The rural revitalization strategy has promoted the development of some villages, accelerated the upgrading of industry or tourism in rural areas and improved the non-agricultural productivity, as well as the aggregate labor productivity, of farmer households. However, some villages still have problems, such as backward development, the absence of mainstay industries, etc. Therefore, it is required to continue boosting the urban–rural integration and development and attach higher importance on the connected effect in the urban–rural development to create more employment opportunities for farmer households. Meanwhile, it is recommended to establish and improve the employment mechanism for farmers to work in cities. Consequently, it is compulsory to take measures to promote the effective transfer of the residual labor force in villages to improve the aggregate labor productivity of farmer households transferring out land. In addition, it is necessary to take advantage of the educational resources in cities to improve the technical competence of rural migrant workers, which will effectively increase the non-agricultural productivity of the labor force of farmer households.

(3)

It is required to increase infrastructure investment and improve agricultural production conditions.
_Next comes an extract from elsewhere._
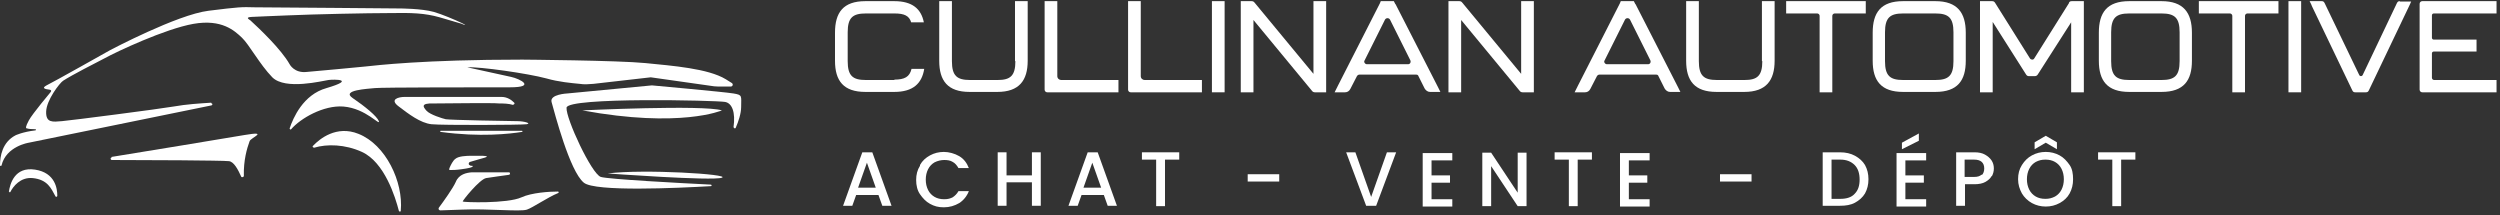<?xml version="1.0" encoding="UTF-8"?> <svg xmlns="http://www.w3.org/2000/svg" width="650" height="56" viewBox="0 0 650 56" fill="none"><rect x="0" y="0" width="650" height="56" fill="#333333" stroke="none"/><path d="M598.3 0.3H595V24H598.3V0.3Z" fill="white"></path><path d="M573 0.3H571.7V3.5H579.8C580.1 3.5 580.4 3.8 580.4 4.1V24H583.7V22.7V4.1C583.7 3.8 584 3.5 584.3 3.5H592.4V0.3H572.9H573Z" fill="white"></path><path d="M425.2 1.1L424.8 0.3H421.4L421.2 0.8L421 1.2L410.3 22.2L409.4 24H412.1C412.7 24 413.2 23.7 413.5 23.1L415.2 19.8C415.3 19.6 415.6 19.4 415.8 19.4H430.6C430.9 19.4 431.1 19.5 431.2 19.8L432.8 23C433.1 23.5 433.6 23.9 434.2 23.9H436.9L436.2 22.5L425.2 1V1.1ZM428.4 16.7H417.8C417.3 16.7 416.9 16.1 417.2 15.7L422.5 5.1C422.8 4.6 423.5 4.6 423.8 5.1L429.1 15.7C429.3 16.2 429 16.7 428.5 16.7H428.4Z" fill="white"></path><path d="M264 15.9C264 19.7 262.7 20.8 259.4 20.8H252.2C248.8 20.8 247.5 19.7 247.5 15.9V0.3H244.2V15.8C244.2 21 246.4 23.9 252.1 23.9H259.3C265 23.9 267.2 20.9 267.2 15.8V0.3H263.9V15.9H264Z" fill="white"></path><path d="M275.9 20.8C275.4 20.8 274.9 20.4 274.9 19.8V0.3H271.6V23.3C271.6 23.7 271.9 24 272.3 24H290.8V20.8H275.9Z" fill="white"></path><path d="M297.6 20.8C297.1 20.8 296.6 20.4 296.6 19.8V0.3H293.3V23.3C293.3 23.7 293.6 24 294 24H312.5V20.8H297.6Z" fill="white"></path><path d="M318.4 0.3H315.1V24H318.4V0.3Z" fill="white"></path><path d="M341.5 19.2L326.2 0.7C326 0.4 325.7 0.3 325.4 0.3H322.6V24H325.9V5.2L341.1 23.6C341.3 23.9 341.6 24 341.9 24H344.8V0.3H341.5V19.2Z" fill="white"></path><path d="M395.5 19.2L380.2 0.7C380 0.4 379.7 0.3 379.4 0.3H376.6V24H379.9V5.2L395.1 23.6C395.3 23.9 395.6 24 395.9 24H398.8V0.3H395.5V19.2Z" fill="white"></path><path d="M458.2 15.9C458.2 19.7 456.9 20.8 453.6 20.8H446.4C443 20.8 441.7 19.7 441.7 15.9V0.3H438.4V15.8C438.4 21 440.6 23.9 446.3 23.9H453.5C459.2 23.9 461.4 20.9 461.4 15.8V0.3H458.1V15.9H458.2Z" fill="white"></path><path d="M503.2 0.3H494.8C489 0.3 486.9 3.3 486.9 8.5V15.8C486.9 21 489.1 23.9 494.8 23.9H503.2C509 23.9 511.1 20.9 511.1 15.8V8.5C511.1 3.3 508.9 0.3 503.2 0.3ZM507.9 15.9C507.9 19.7 506.6 20.8 503.2 20.8H494.8C491.4 20.8 490.1 19.7 490.1 15.9V8.4C490.1 4.6 491.4 3.5 494.8 3.5H503.2C506.6 3.5 507.9 4.6 507.9 8.4V15.9Z" fill="white"></path><path d="M538 0.7L528.9 15.2C528.7 15.6 528.1 15.6 527.8 15.2L518.7 0.7C518.5 0.4 518.3 0.3 517.9 0.3H514.8V24H518.1V5.7L526.8 19.4C527 19.7 527.2 19.8 527.6 19.8H529C529.3 19.8 529.6 19.7 529.8 19.4L538.5 5.8V24H541.8V0.3H538.7C538.3 0.3 538.1 0.4 537.9 0.7H538Z" fill="white"></path><path d="M562 0.3H553.6C547.8 0.3 545.7 3.3 545.7 8.5V15.8C545.7 21 547.9 23.9 553.6 23.9H562C567.8 23.9 569.9 20.9 569.9 15.8V8.5C569.9 3.3 567.7 0.3 562 0.3ZM566.7 15.9C566.7 19.7 565.4 20.8 562 20.8H553.6C550.2 20.8 548.9 19.7 548.9 15.9V8.4C548.9 4.6 550.2 3.5 553.6 3.5H562C565.4 3.5 566.7 4.6 566.7 8.4V15.9Z" fill="white"></path><path d="M632.9 3.5H649.1V0.3H629.8C629.4 0.3 629.1 0.6 629.1 1V23.3C629.1 23.7 629.4 24 629.8 24H649.1V20.8H632.9C632.6 20.8 632.3 20.6 632.3 20.2V13.9C632.3 13.6 632.5 13.4 632.8 13.4H643.9V10.3H632.8C632.5 10.3 632.3 10.1 632.3 9.8V4C632.3 3.7 632.5 3.5 632.8 3.5H632.9Z" fill="white"></path><path d="M232.6 20.8H225.1C221.7 20.8 220.4 19.7 220.4 15.9V8.4C220.4 4.6 221.7 3.5 225.1 3.5H232.6C235.1 3.5 236.4 4.1 236.9 5.8H240.2C239.5 2.3 237.2 0.3 232.5 0.3H225C219.2 0.3 217.1 3.3 217.1 8.5V15.8C217.1 21 219.3 23.9 225 23.9H232.5C237.4 23.9 239.7 21.7 240.3 17.9H237C236.5 20 235.2 20.7 232.5 20.7L232.6 20.8Z" fill="white"></path><path d="M362.8 1.1L362.4 0.3H359L358.8 0.8L358.6 1.2L347.9 22.2L347 24H349.7C350.3 24 350.8 23.7 351.1 23.1L352.8 19.8C352.9 19.6 353.2 19.4 353.4 19.4H368.2C368.5 19.4 368.7 19.5 368.8 19.8L370.4 23C370.7 23.5 371.2 23.9 371.8 23.9H374.5L373.8 22.5L362.8 1V1.1ZM366 16.7H355.4C354.9 16.7 354.5 16.1 354.8 15.7L360.1 5.1C360.4 4.6 361.1 4.6 361.4 5.1L366.7 15.7C366.9 16.2 366.6 16.7 366.1 16.7H366Z" fill="white"></path><path d="M465.7 0.3H464.4V3.5H472.5C472.8 3.5 473.1 3.8 473.1 4.1V24H476.4V22.7V4.1C476.4 3.8 476.7 3.5 477 3.5H485.1V0.3H465.6H465.7Z" fill="white"></path><path d="M624 0.3C623.6 0.3 623.4 0.4 623.2 0.8L614.3 19.5C614.1 19.9 613.6 19.9 613.4 19.5L604.4 0.8C604.2 0.4 604 0.3 603.6 0.3H600.5L600.9 1.1L601.1 1.6L611.6 23.5C611.8 23.9 612 24 612.4 24H615.1C615.5 24 615.7 23.9 615.9 23.5L626.6 1.1L626.9 0.4H623.9L624 0.3Z" fill="white"></path><path d="M55 26.9C55.3 26.9 55.3 27.3 55 27.4L7.5 37.1C7.5 37.1 1.6 38 0.4 43C0.4 43.2 0 43.2 0 43C0 40.6 0.6 37 4 35.2C4 35.2 5.8 34.3 9.2 33.9C9.4 33.9 9.4 33.6 9.2 33.6C8.2 33.6 7.3 33.5 7.1 33.4C6.6 33.4 6.6 33 7.5 31.3C8.4 29.6 13.2 23.9 13.2 23.9C13.2 23.9 13.6 23.4 12.8 23.3C12 23.2 10.6 23 12.1 22.2C13.6 21.5 28.7 13 28.7 13C28.7 13 46.1 3.8 54.2 2.8C62.3 1.8 62.7 1.8 66.3 1.9C69.9 1.9 103.9 2.2 103.9 2.2C103.9 2.2 109.6 2.2 112.8 3.1C114.9 3.7 118.2 5.1 120.1 6C122 6.9 120.1 6.3 120.1 6.2C118.7 5.8 116.6 5.2 114.3 4.5C110.4 3.4 107.1 3.3 101.3 3.4C95.5 3.4 81.6 3.7 74.8 4C70.3 4.2 67.1 4.3 65.4 4.4C63.7 4.5 64.7 5 65.1 5.3C67.4 7.4 73.1 12.8 75.3 16.7C75.3 16.7 76.5 19.1 79.8 18.7C83.1 18.4 92.1 17.6 94.9 17.3C97.8 17 110 15.5 135.8 15.5C135.8 15.5 160.8 15.7 167.8 16.4C174.8 17.1 184.1 17.8 188.7 20.6C188.7 20.6 189.5 21.1 190.3 21.6C190.7 21.9 190.5 22.5 190 22.5H186.7C186 22.5 185.3 22.4 184.7 22.3L169.2 20.1L154.3 21.8C153.1 21.9 151.9 22 150.7 21.8C148.6 21.6 145.2 21.3 142.1 20.4C137.3 19.1 124.7 17.3 121.5 17.5C121.5 17.5 130.6 19.5 132.9 20C135.2 20.5 139.5 22.7 132.6 22.7C125.8 22.7 99.3 22.7 97.5 22.9C95.7 23.1 88.6 23.4 91.7 25.5C94.8 27.6 98 30.2 98.5 31.5C98.9 32.9 95.2 28.2 89.3 27.7C84.1 27.3 78.1 30.8 75.7 33.6C75.6 33.8 75.3 33.6 75.3 33.4C76.2 30.7 78.8 24.6 84.9 22.9C92.7 20.6 86.9 20.6 85.4 20.8C83.9 21 74.2 23.5 70.8 20.1C67.5 16.7 64.8 11.6 62.9 9.8C61 8 57.7 4.9 50.3 6.2C42.9 7.5 30.2 13.5 27.3 15.1C24.6 16.5 18.7 19.5 16.4 21C15.5 21.6 12.1 26 12 29C11.9 32 13.7 31.7 16.1 31.5C18.5 31.3 41.7 28.3 45.1 27.7C48.5 27.1 51.8 26.9 54.9 26.7L55 26.9Z" fill="white"></path><path d="M2.4 49.8C2.4 50 2.6 50.1 2.7 49.9C3.4 48.5 5.3 46 8.5 46.3C12.4 46.7 13.3 49 14.4 51C14.5 51.3 14.9 51.2 14.9 50.9C14.9 49.1 14.4 44.9 9.1 44.1C3.8 43.3 2.6 47.8 2.3 49.9L2.4 49.8Z" fill="white"></path><path d="M29 40.8C37.7 39.4 57.1 36.2 63.6 35.1C70.1 34 65.2 35.8 64.9 36.7C64.2 38.6 63.3 41.7 63.4 45.7C63.4 46.1 62.8 46.2 62.7 45.9C61.9 44.1 60.8 42 59.5 41.9C57.6 41.7 38 41.6 29.1 41.6C28.7 41.6 28.6 41 29.1 40.9L29 40.8Z" fill="white"></path><path d="M81.7 38.4C81.4 38.4 81.1 38.1 81.4 37.9C83.1 36.1 87.5 32.5 93.2 34.8C100.3 37.6 104.9 47.3 104.2 54.8C104.2 55.1 103.8 55.1 103.7 54.8C102.8 51.3 100 42.2 94.1 39.5C89.7 37.5 85 37.4 81.7 38.4Z" fill="white"></path><path d="M133.4 27.2C133.7 27.2 133.9 26.9 133.7 26.7C133 26 131.9 25.2 130.4 25.2C127.8 25.2 106.8 25.2 105.2 25.2C103.7 25.2 101.1 25.8 103.7 27.7C106.2 29.6 109.3 32 112.2 32.3C115.1 32.6 135.5 32.5 136.9 32.3C138.3 32.1 136.3 31.5 134.5 31.5C132.7 31.5 116.8 31.2 115.9 31C115 30.8 111.8 29.8 110.9 28.8C110 27.8 109.3 26.8 112.7 26.9C116.2 26.9 128.2 26.7 129.8 26.9C130.8 26.9 132.2 26.9 133.5 27.3L133.4 27.2Z" fill="white"></path><path d="M190.8 33.1C190.8 33.4 191.2 33.5 191.3 33.2C192 31.6 192.7 29.5 192.7 27.8C192.7 24.9 193.1 24.7 190.7 24.3C188.3 23.9 169.5 22.2 169.5 22.2L147.5 24.3C147.5 24.3 142.9 24.5 143.4 26.5C144.2 29.3 148.1 44.5 151.8 47.5C154.7 49.9 176.1 48.9 184.8 48.4C185.1 48.4 185.1 48 184.8 48C176.7 47.6 158.1 46.6 156.2 46C153.8 45.2 147.1 30.8 147.3 28C147.5 25.2 186.4 26.1 188.5 26.5C190.3 26.8 191.3 29.1 190.7 33.2L190.8 33.1Z" fill="white"></path><path d="M132.3 45.4C132.7 45.4 132.7 44.8 132.3 44.8C128.5 44.8 123.6 44.8 122.7 44.8C121.3 44.9 119.3 45.3 118.5 47.3C117.8 48.9 115.3 52.4 114.1 54C113.9 54.3 114.1 54.7 114.5 54.7L120.1 54.5C127 54.2 135.2 55.1 137 54.5C138.5 54 142.4 51.3 145.1 50.2C145.3 50.2 145.3 49.8 145.1 49.8C142.8 49.8 138.2 50.1 135.6 51.3C131.9 53 120.4 52.6 120.3 52.4C120.2 52.2 124.7 46.6 126.4 46.3C128.1 46 130.1 45.8 132.7 45.4H132.3Z" fill="white"></path><path d="M122.3 43C121.8 43 121.7 42.3 122.2 42.1C123.6 41.7 125.2 41.2 126 41C127.7 40.5 125.1 40.5 125.1 40.5C125.1 40.5 124.1 40.5 122.6 40.5C121.2 40.5 119.2 40.6 118.4 41.3C117.8 41.7 117.2 42.9 116.9 43.6C116.6 44.3 116.9 44.2 117.3 44.2C117.8 44.2 118.6 44.2 120 44C123.8 43.5 122.8 43.1 122.8 43.1H122.3V43Z" fill="white"></path><path d="M151.4 28.7C151.4 28.7 182.9 27.2 187.7 28.7C187.7 28.7 176.9 33.4 151.4 28.7Z" fill="white"></path><path d="M158 45.1C158 45.1 185.3 47.1 187.7 46.2C190.1 45.3 167.3 43.9 158 45.1Z" fill="white"></path><path d="M114.7 34H135.7C135.9 34 135.9 34.3 135.7 34.3C132.6 34.8 124.8 35.7 114.6 34.3C114.4 34.3 114.4 34 114.6 34H114.7Z" fill="white"></path><path d="M228.4 50.7H222.6L221.6 53.5H219.2L224.2 39.6H226.8L231.8 53.5H229.4L228.4 50.7ZM227.7 48.8L225.4 42.3L223.1 48.8H227.6H227.7Z" fill="white"></path><path d="M239.2 42.9C239.8 41.8 240.7 41 241.8 40.4C242.9 39.8 244.1 39.5 245.4 39.5C246.7 39.5 248.2 39.9 249.4 40.6C250.6 41.3 251.4 42.4 251.9 43.7H249.2C248.8 43 248.3 42.4 247.7 42.1C247.1 41.7 246.3 41.6 245.5 41.6C244.7 41.6 243.8 41.8 243 42.2C242.3 42.6 241.7 43.2 241.3 44C240.9 44.8 240.7 45.7 240.7 46.7C240.7 47.7 240.9 48.6 241.3 49.4C241.7 50.2 242.3 50.8 243 51.2C243.7 51.6 244.5 51.8 245.5 51.8C246.5 51.8 247.1 51.6 247.7 51.3C248.3 50.9 248.8 50.4 249.2 49.7H251.9C251.4 51 250.5 52.1 249.4 52.8C248.2 53.5 246.9 53.9 245.4 53.9C243.9 53.9 242.9 53.6 241.8 53C240.7 52.4 239.9 51.5 239.2 50.5C238.5 49.5 238.2 48.2 238.2 46.8C238.2 45.4 238.5 44.2 239.2 43.1V42.9Z" fill="white"></path><path d="M270.6 39.6V53.5H268.3V47.4H261.7V53.5H259.4V39.6H261.7V45.6H268.3V39.6H270.6Z" fill="white"></path><path d="M287 50.7H281.2L280.2 53.5H277.8L282.8 39.6H285.4L290.4 53.5H288L287 50.7ZM286.3 48.8L284 42.3L281.7 48.8H286.2H286.3Z" fill="white"></path><path d="M306.6 39.6V41.5H302.9V53.6H300.6V41.5H296.9V39.6H306.6Z" fill="white"></path><path d="M332.6 45.3V47.2H324.4V45.3H332.6Z" fill="white"></path><path d="M363 39.6L357.8 53.5H355.2L350 39.6H352.4L356.5 51.2L360.6 39.6H363Z" fill="white"></path><path d="M372.2 41.5V45.6H377V47.5H372.2V51.8H377.6V53.7H369.9V39.8H377.6V41.7H372.2V41.5Z" fill="white"></path><path d="M396.9 53.6H394.6L387.7 43.2V53.6H385.4V39.7H387.7L394.6 50.1V39.7H396.9V53.6Z" fill="white"></path><path d="M413.9 39.6V41.5H410.2V53.6H407.9V41.5H404.2V39.6H413.9Z" fill="white"></path><path d="M423.5 41.5V45.6H428.3V47.5H423.5V51.8H428.9V53.7H421.2V39.8H428.9V41.7H423.5V41.5Z" fill="white"></path><path d="M455.4 45.3V47.2H447.2V45.3H455.4Z" fill="white"></path><path d="M482.3 40.5C483.4 41.1 484.3 41.9 484.9 42.9C485.5 44 485.8 45.2 485.8 46.6C485.8 48 485.5 49.2 484.9 50.3C484.3 51.3 483.4 52.1 482.3 52.7C481.2 53.3 479.9 53.5 478.4 53.5H473.9V39.6H478.4C479.9 39.6 481.2 39.9 482.3 40.5ZM482.2 50.4C483.1 49.5 483.5 48.3 483.5 46.7C483.5 45.1 483.1 43.8 482.2 42.9C481.3 42 480.1 41.5 478.5 41.5H476.2V51.7H478.5C480.1 51.7 481.4 51.3 482.2 50.4Z" fill="white"></path><path d="M495.401 41.5V45.6H500.201V47.5H495.401V51.8H500.801V53.7H493.101V39.8H500.801V41.7H495.401V41.5ZM498.901 36.6L494.501 38.8V37.1L498.901 34.7V36.6Z" fill="white"></path><path d="M517.801 45.8C517.501 46.4 516.901 46.9 516.201 47.3C515.501 47.7 514.501 47.9 513.401 47.9H510.901V53.5H508.601V39.6H513.401C514.501 39.6 515.401 39.8 516.101 40.2C516.801 40.6 517.401 41.1 517.801 41.7C518.201 42.3 518.401 43 518.401 43.8C518.401 44.6 518.201 45.2 517.901 45.8H517.801ZM515.301 45.5C515.701 45.1 515.901 44.5 515.901 43.8C515.901 42.3 515.001 41.5 513.301 41.5H510.801V46H513.301C514.201 46 514.801 45.8 515.201 45.4L515.301 45.5Z" fill="white"></path><path d="M528.3 52.8C527.2 52.2 526.3 51.3 525.7 50.3C525.1 49.2 524.7 48 524.7 46.6C524.7 45.2 525 44 525.7 42.9C526.4 41.8 527.2 41 528.3 40.4C529.4 39.8 530.6 39.5 531.9 39.5C533.2 39.5 534.4 39.8 535.5 40.4C536.6 41 537.4 41.9 538.1 42.9C538.8 43.9 539 45.2 539 46.6C539 48 538.7 49.2 538.1 50.3C537.5 51.4 536.6 52.2 535.5 52.8C534.4 53.4 533.2 53.7 531.9 53.7C530.6 53.7 529.4 53.4 528.3 52.8ZM534.3 51.1C535 50.7 535.6 50.1 536 49.3C536.4 48.5 536.6 47.6 536.6 46.6C536.6 45.6 536.4 44.7 536 43.9C535.6 43.1 535 42.5 534.3 42.1C533.6 41.7 532.8 41.5 531.8 41.5C530.8 41.5 530.1 41.7 529.3 42.1C528.6 42.5 528 43.1 527.6 43.9C527.2 44.7 527 45.6 527 46.6C527 47.6 527.2 48.5 527.6 49.3C528 50.1 528.6 50.7 529.3 51.1C530 51.5 530.8 51.7 531.8 51.7C532.8 51.7 533.5 51.5 534.3 51.1ZM531.9 37.1L529 38.8V37L531.9 35.3L534.8 37V38.8L531.9 37.1Z" fill="white"></path><path d="M555.2 39.6V41.5H551.5V53.6H549.2V41.5H545.5V39.6H555.2Z" fill="white"></path></svg>

According to the research results, infrastructure has an important impact on agricultural productivity. In order to further narrow the gap of production conditions between regions, it is needed to increase the investment in water conservancy, transportation, energy and other aspects, which will improve the agricultural planting environment and raise the efficiency of agricultural labor production. In addition, the level of farmland infrastructure also affects the feasibility of land transfer as improving the agricultural production environment can effectively break the transfer barrier and increase the land transfer rate.

(4)

It is also important to enhance the skills training of farmers and improve their ability to generate income. Under the background of an urban–rural dual structure, farmers’ skills in the non-agricultural sector are relatively backward compared with urban residents. Through vocational training and other means, we can significantly improve their production capacity, thus improving the overall labor productivity. Therefore, it is necessary for grassroots organizations to properly carry out technical training and introduce scientific research talents with the help of government forces to train farmers. After transferring out the land, the remaining labor force should enrich their skills according to the production field they will be engaged in. They can learn relevant knowledge through the Internet and training institutions to improve their productivity.